▸ **WHAT YOU HAVE TO DO**
Hunt for the word "Pulmonary" across the entries below, copying each line that holds it.

══ RECORDS TO PROCESS ══

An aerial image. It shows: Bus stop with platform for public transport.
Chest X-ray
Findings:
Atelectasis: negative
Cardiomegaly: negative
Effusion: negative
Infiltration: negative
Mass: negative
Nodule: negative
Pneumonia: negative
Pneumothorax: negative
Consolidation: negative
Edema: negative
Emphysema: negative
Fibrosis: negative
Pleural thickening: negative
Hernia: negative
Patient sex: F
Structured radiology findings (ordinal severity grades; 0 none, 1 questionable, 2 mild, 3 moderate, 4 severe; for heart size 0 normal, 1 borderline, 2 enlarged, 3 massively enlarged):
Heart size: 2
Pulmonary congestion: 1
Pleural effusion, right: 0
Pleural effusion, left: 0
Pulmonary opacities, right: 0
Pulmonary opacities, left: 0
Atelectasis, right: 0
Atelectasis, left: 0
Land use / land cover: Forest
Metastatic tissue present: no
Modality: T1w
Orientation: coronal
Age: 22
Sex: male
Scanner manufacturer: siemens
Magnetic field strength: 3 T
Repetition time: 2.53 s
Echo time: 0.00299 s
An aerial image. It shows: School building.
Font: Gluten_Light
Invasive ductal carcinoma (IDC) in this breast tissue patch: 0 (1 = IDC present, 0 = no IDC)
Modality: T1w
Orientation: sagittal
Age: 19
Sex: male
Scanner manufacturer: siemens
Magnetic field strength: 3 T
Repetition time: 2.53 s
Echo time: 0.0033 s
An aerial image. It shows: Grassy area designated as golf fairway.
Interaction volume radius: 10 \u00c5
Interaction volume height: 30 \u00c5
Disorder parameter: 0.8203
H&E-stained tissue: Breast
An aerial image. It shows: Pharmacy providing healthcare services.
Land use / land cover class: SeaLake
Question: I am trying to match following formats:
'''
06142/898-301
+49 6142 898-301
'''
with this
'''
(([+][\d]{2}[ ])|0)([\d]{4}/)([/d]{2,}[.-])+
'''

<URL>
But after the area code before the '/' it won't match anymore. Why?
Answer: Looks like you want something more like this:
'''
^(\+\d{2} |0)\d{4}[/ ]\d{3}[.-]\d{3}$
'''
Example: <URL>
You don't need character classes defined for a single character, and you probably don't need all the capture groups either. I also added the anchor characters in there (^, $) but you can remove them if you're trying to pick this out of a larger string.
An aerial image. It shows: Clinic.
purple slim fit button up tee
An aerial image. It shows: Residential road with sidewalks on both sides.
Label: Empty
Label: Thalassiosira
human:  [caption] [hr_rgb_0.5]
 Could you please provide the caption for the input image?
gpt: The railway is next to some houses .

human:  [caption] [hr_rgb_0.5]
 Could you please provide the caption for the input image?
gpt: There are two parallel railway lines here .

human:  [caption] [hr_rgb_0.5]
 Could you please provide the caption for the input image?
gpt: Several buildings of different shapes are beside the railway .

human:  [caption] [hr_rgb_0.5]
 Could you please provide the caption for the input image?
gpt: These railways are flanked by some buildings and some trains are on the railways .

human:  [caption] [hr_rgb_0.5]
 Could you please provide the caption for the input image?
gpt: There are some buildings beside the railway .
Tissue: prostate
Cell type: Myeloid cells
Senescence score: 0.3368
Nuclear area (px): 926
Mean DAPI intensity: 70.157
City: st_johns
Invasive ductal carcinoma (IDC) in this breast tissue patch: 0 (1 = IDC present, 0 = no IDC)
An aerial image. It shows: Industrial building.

═══

▸ **COMPLETED EXERCISE**
Pulmonary congestion: 1
Pulmonary opacities, right: 0
Pulmonary opacities, left: 0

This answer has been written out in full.